Review Rock music

Popol Vuh

In Den Gärten Pharaos

Cherry Red • 1971

»Popol Vuh don’t get enough love,« Krautrock devotee Michael Gira once remarked in an interview. And indeed, for several years they even served as a kind of house band for filmmaker Werner Herzog, contributing soundtracks to several of his films. Now the label Cherry Red has come to its senses and is reissuing the works of the Munich-based group led by Florian Fricke. In den Gärten Pharaos (1971) stands as proof that sacred music need not sound like church hymns.

The title piece, which fills the record’s first side, blends psychedelically layered Moog and Fender Rhodes tones with calmly ecstatic percussion and occasional field recordings of gently running water. The three musicians immerse themselves in a mood that feels above all peaceful. Fresh, in the most literal sense of the word, might be the best way to describe it.

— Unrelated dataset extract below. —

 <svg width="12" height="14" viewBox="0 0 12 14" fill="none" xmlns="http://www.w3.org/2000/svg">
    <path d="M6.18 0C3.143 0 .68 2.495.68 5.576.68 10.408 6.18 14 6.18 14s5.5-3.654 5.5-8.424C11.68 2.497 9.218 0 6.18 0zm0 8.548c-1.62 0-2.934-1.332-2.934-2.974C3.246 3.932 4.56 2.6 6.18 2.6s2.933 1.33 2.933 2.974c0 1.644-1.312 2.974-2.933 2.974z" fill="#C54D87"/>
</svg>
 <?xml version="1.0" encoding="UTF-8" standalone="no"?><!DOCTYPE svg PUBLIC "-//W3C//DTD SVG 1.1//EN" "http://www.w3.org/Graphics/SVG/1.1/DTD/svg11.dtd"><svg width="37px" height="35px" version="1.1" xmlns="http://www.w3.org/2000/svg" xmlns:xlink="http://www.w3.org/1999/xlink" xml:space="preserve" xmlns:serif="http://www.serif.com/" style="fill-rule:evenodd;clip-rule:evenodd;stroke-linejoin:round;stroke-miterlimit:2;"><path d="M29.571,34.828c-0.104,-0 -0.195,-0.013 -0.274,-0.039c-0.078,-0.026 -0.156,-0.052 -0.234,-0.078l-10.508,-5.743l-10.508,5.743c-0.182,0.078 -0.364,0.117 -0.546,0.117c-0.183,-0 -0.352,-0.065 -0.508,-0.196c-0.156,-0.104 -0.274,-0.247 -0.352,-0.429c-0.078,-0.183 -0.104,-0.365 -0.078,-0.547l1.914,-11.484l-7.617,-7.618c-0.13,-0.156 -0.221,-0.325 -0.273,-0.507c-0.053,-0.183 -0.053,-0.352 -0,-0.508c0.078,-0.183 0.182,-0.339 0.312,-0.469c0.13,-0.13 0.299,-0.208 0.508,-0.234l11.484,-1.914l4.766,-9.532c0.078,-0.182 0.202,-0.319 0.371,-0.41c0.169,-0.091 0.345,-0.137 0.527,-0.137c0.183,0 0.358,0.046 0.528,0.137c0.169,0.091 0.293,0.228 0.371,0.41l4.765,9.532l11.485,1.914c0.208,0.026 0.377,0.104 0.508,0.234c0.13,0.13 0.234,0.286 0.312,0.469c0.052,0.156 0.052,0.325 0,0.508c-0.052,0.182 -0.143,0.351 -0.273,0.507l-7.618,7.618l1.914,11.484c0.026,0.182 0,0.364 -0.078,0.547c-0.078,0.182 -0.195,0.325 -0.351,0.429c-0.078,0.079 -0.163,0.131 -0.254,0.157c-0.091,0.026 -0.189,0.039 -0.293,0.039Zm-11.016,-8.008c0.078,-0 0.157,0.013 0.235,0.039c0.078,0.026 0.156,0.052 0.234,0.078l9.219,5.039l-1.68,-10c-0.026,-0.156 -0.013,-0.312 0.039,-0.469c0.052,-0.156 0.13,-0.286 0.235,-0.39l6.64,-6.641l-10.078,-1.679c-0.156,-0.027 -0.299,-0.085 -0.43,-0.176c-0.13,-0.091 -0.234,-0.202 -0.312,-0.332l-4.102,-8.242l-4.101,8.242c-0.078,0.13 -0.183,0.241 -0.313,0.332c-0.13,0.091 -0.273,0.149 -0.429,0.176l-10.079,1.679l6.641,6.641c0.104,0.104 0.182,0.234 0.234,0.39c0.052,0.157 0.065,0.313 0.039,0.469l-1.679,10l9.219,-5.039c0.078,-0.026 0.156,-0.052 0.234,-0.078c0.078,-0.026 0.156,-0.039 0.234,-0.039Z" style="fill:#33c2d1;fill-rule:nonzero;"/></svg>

»Vuh«, on the second side, may more readily evoke sacred spaces — though only because an organ, specifically the one from the Stiftskirche Baumburg, provides the drone around which synthesiser, cymbals and percussion gather. The latter, however, changes the piece’s character completely: this dense exercise unfolds like a tribal mantra, a wild spiritual trip worthy of all the love it can get.